In this blog series to commemorate National Mentoring Month, we are celebrating some of our incredible mentors in the Data Science for All program.
Elyse Kadokurais a Senior Data Scientist at Starbucks, and a mentor forDS4A / Empowerment. She answered a few questions for us about her experience, career advice and creating more inclusive workplaces.
Tell us about a pivotal moment in your career: what was the backdrop, what did you do, what did you learn?
When I was in grad school for epidemiology I felt out of place because everyone else in my cohort was passionate about a specific disease, but I couldn’t find one that sparked my interest. During a summer internship, I had to learn a new programming language for an analysis, and I loved digging deeper into the methodology and the code. I realized that my passion was learning about different models and programming languages. I started incorporating data science methods into my epi work which led me to where I am today.
Who were your mentors and role models when you were starting out? What’s the best professional advice you received?
I’ve been immensely fortunate to have amazing mentors at Starbucks. My current boss is also a former epidemiologist turned data scientist, and she made me feel comfortable by sharing her knowledge about changing industries and professions. I used to be afraid to talk because I was terrified that people would think I wasn’t smart. She always told me to trust my instincts and if something doesn’t feel right or you’re confused about something, chances are other people feel the same way. Over time, my confidence has grown and I learn much more when I speak rather than staying silent. I’ve also been able to form stronger relationships with my peers and stakeholders. Always know that your voice is as important as everyone else’s in the room regardless if you’re new to a job/industry.
What have you gained from mentoring and coaching - both professionally and personally? Did anything surprise you when you started mentoring?
When I first became interested in switching from the public to the private sector, I started networking at different data science meetup groups and on LinkedIn. I talked to a lot of people who made the same transition and am forever grateful that they took the time to advise me. Now, I prioritize helping people in the same way. Professionally, we all gain when we work on teams with diverse backgrounds. There’s more thought sharing and innovation. If everyone thinks the same way, you open yourself up to massive blind spots. I am blown away by how much my mentees are accomplishing. Going to grad school while working a full-time job while doing this bootcamp. I never could have done so much at that point in my career. They inspire me and remind me why I became a data scientist in the first place.
Can you give us an example of how data skills are increasingly needed in your role and business?
There are a ton of intricacies that go into selling coffee at the scale that we do, and almost all of the decisions that we make can and should be data-driven. Some examples are:How can we forecast sales for a new store to plan for space and equipment needs? How do we make personalized product recommendations to customers? How do we automate supply chain ordering?These are all questions our data science teams are working to answer.
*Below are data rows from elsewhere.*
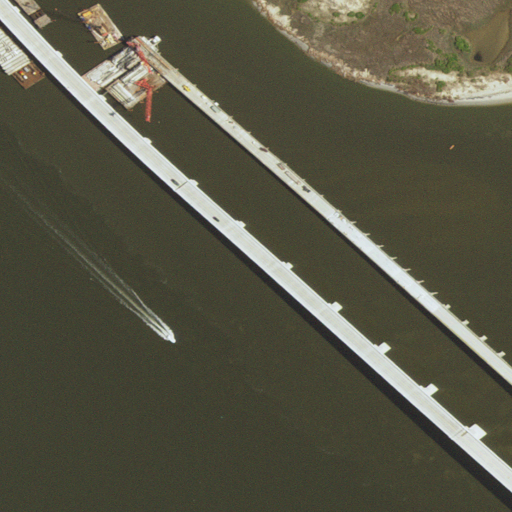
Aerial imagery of cape in North Carolina named North Point containing open water, high intensity development, medium intensity development, barren land, herbaceous wetlands, and grassland
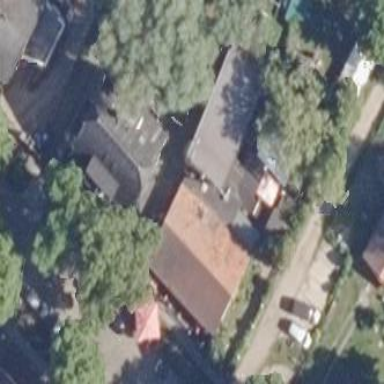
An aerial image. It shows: Building.
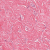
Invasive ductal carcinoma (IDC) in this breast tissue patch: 0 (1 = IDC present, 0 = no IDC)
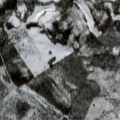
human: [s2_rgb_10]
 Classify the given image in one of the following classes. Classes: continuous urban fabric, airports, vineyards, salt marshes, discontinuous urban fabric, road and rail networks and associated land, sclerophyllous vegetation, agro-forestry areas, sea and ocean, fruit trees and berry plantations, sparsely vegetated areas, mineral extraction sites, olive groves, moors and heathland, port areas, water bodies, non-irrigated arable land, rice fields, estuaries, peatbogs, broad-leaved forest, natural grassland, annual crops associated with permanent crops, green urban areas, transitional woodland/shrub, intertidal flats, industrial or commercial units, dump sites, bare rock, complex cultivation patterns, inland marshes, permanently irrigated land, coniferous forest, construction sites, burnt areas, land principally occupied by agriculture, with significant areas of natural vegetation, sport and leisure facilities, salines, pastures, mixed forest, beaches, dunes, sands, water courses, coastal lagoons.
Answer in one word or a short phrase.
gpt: coniferous forest, mixed forest, transitional woodland/shrub
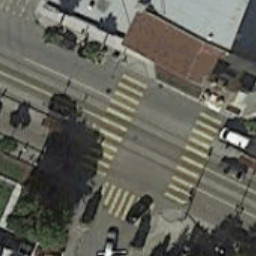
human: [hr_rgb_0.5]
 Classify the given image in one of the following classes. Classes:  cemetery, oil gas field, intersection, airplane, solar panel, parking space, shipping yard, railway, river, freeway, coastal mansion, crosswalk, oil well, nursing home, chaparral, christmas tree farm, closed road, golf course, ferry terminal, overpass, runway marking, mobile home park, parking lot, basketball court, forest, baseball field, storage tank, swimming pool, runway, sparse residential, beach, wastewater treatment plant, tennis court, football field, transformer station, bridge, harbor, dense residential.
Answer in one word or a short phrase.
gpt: crosswalk
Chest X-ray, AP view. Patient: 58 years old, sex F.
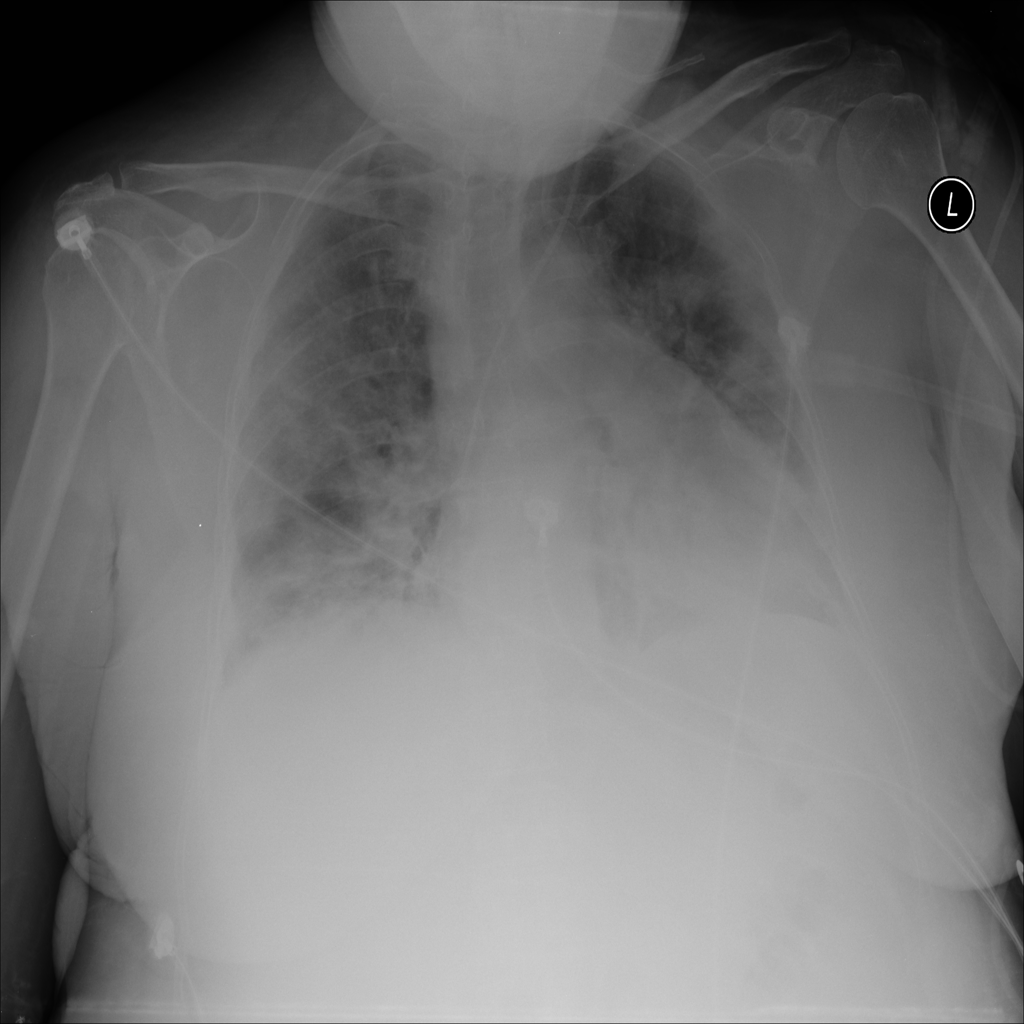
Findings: Effusion
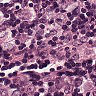
Metastatic tissue present: yes
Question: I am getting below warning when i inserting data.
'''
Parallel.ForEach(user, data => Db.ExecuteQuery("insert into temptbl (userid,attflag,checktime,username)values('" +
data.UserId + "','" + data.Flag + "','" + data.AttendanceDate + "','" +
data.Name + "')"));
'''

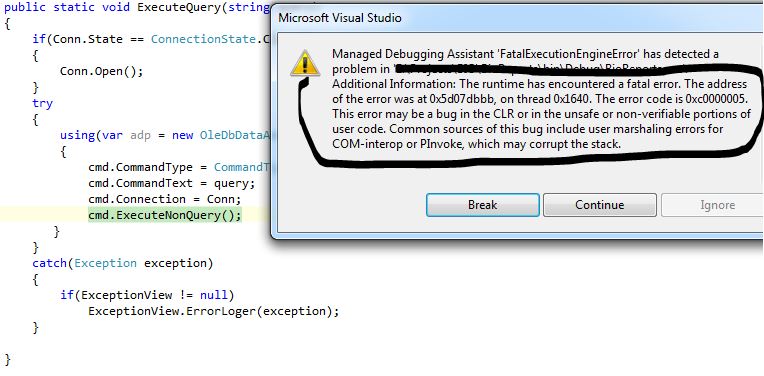
Answer: Database connection objects are not thread-safe and are not meant to be used in multiple threads at the same time.
You should not parallelize the code across a single connection, instead you will need a separate connection for each distinct thread, and thus you cannot use 'Parallel.ForEach'.
You can see this documented on MSDN:
<URL>:
> Any public static (Shared in Visual Basic) members of this type are thread safe. Any instance members are not guaranteed to be thread safe.
This means that static of this type are thread-safe, instance-members are not, which means that the type as an object will not be thread-safe.
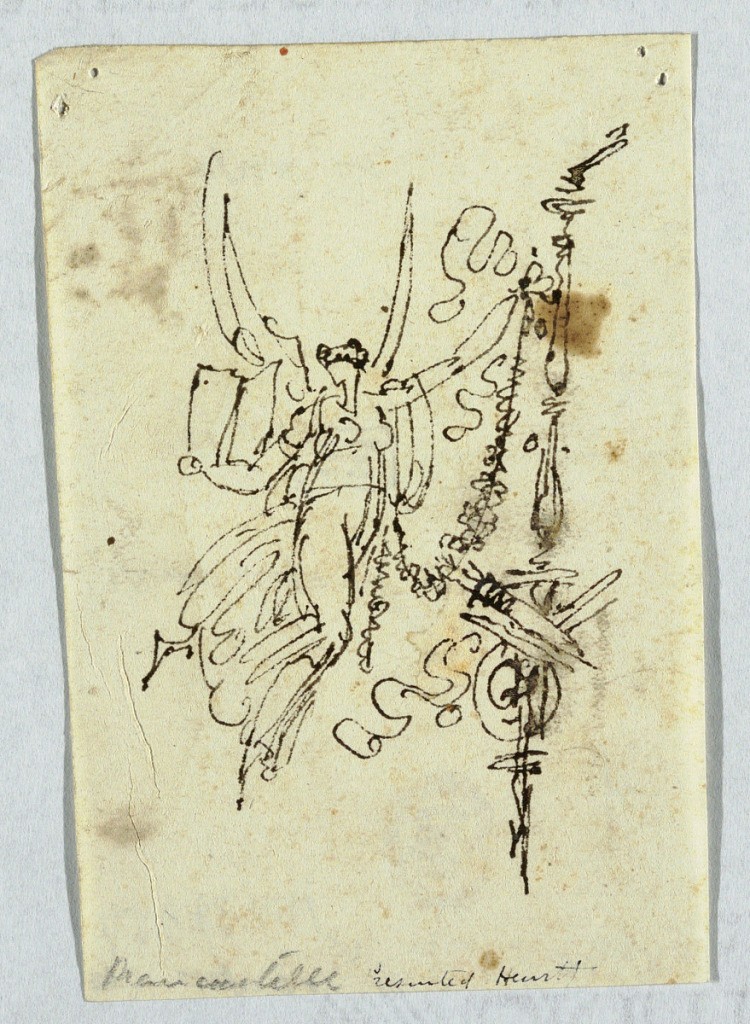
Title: Drawing
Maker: Felice Giani, Italian, 1758–1823
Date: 1810-1823
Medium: Pen and brown ink, paper
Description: Vertical rectangle.
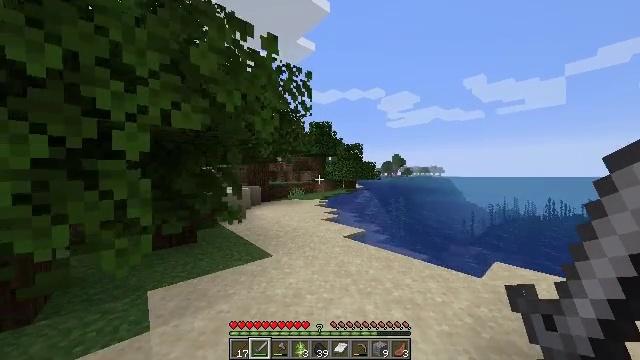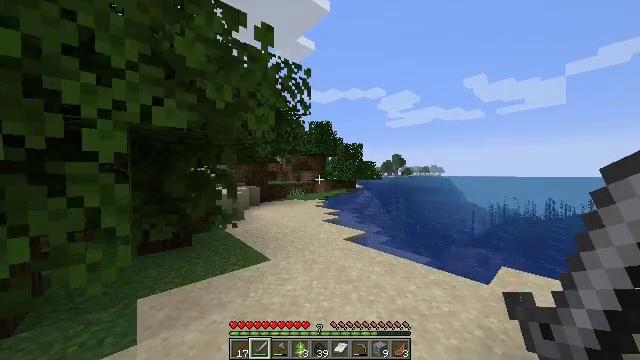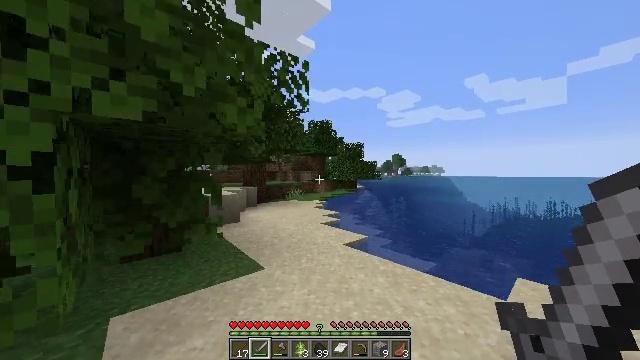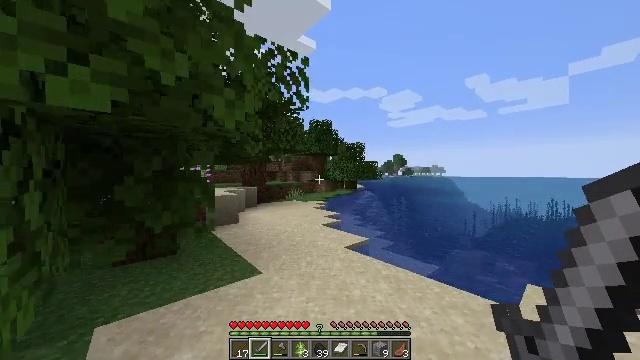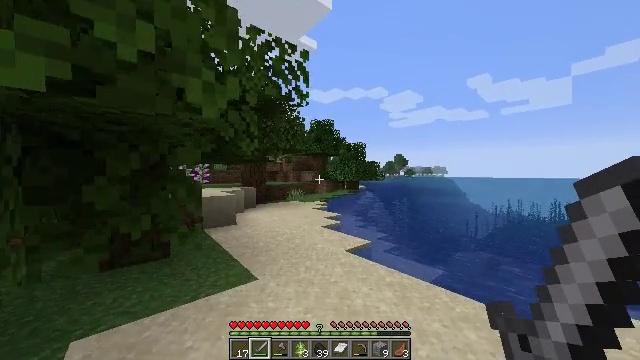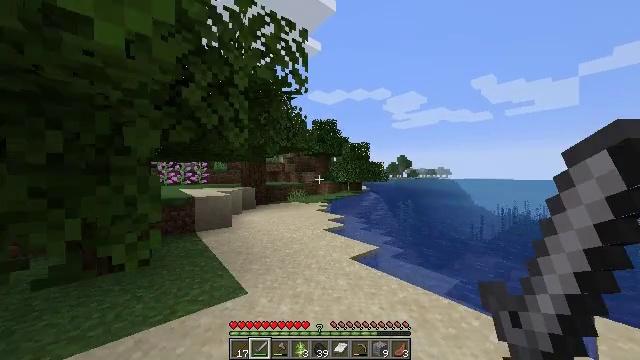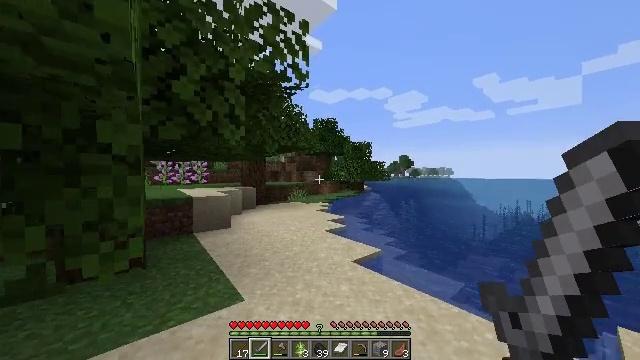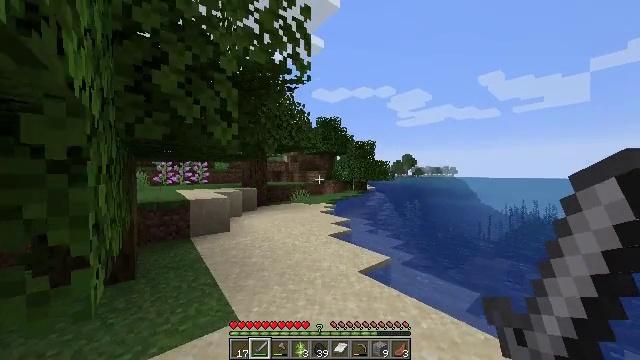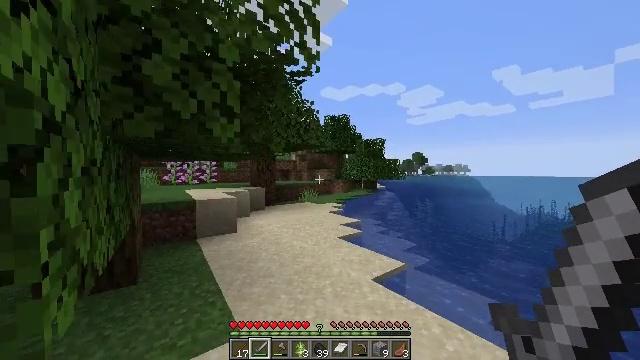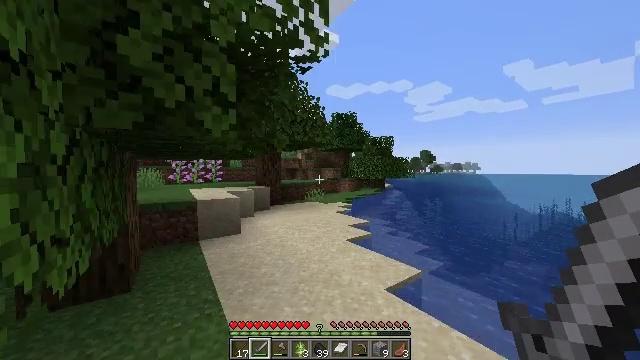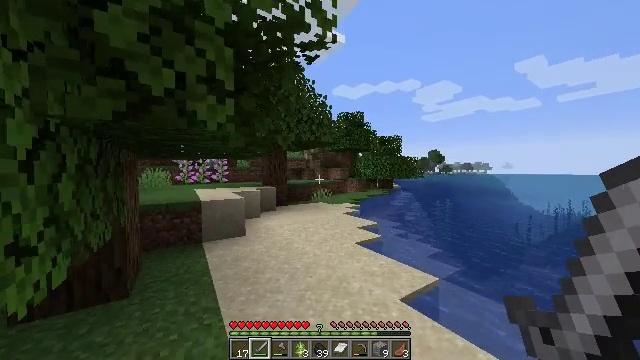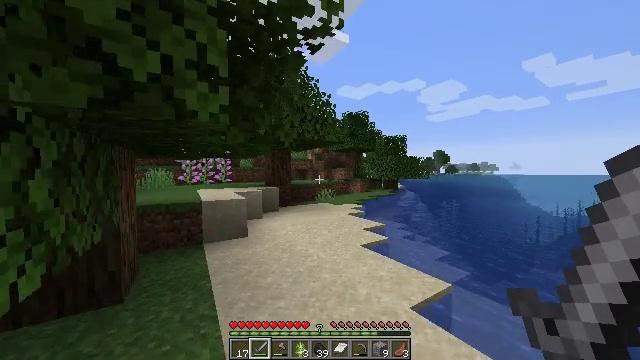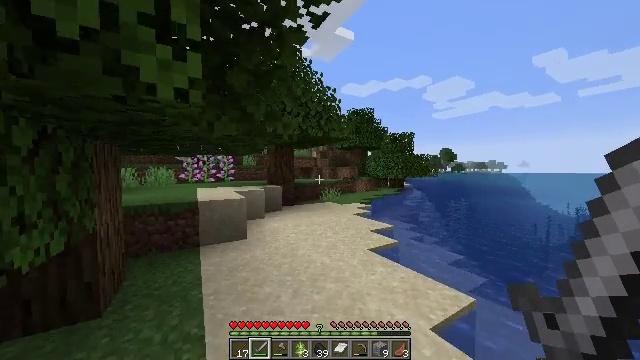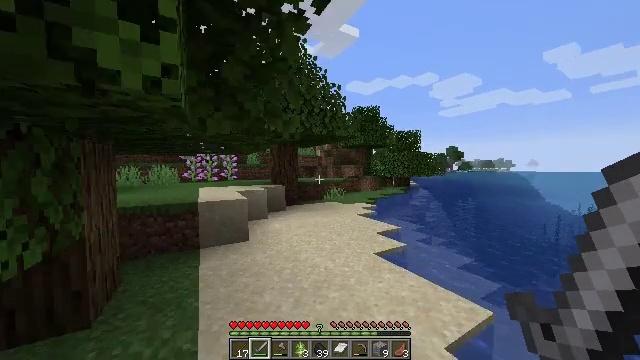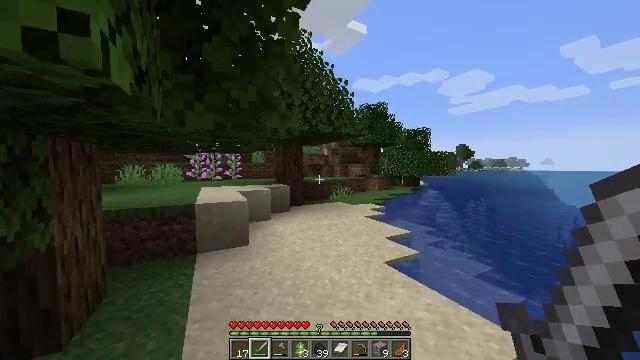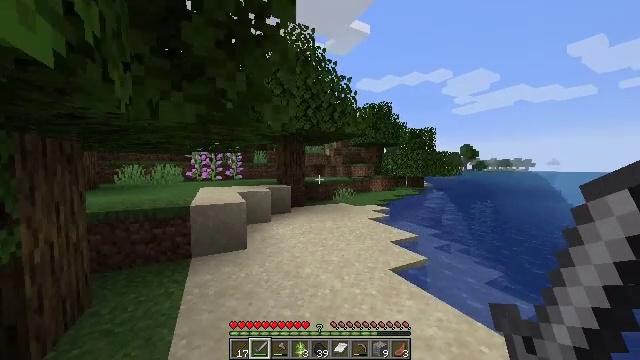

You’ll be mentoring a group of Fellows in our inaugural cohort in the Data Science for All/ Empowerment program, an initiative to create equal opportunities to access the data-driven jobs of tomorrow. What can individuals and organizations do to help create more diverse and inclusive workplaces?
Diversity at all levels is important but inclusion is the other half. If people don’t feel like they can be their authentic selves at work they won’t stay, so building that sense of belonging is also crucial. I’m part of a group of hard-working volunteers who are implementing I&D initiatives within our department. Some of the things we’re doing include building a mentorship program, hosting virtual volunteer events, setting up connects to get to get to know new coworkers, evaluating our hiring practices, bringing in facilitated bias workshops, and there’s a lot more. For organizations, please recognize and reward the people who are doing this work whether it’s factoring it into their performance review or tying it to compensation. Also, provide funding for trainings, additional headcount, speakers, etc. While verbally making a commitment to improving I&D is important, so is providing the resources to make it possible.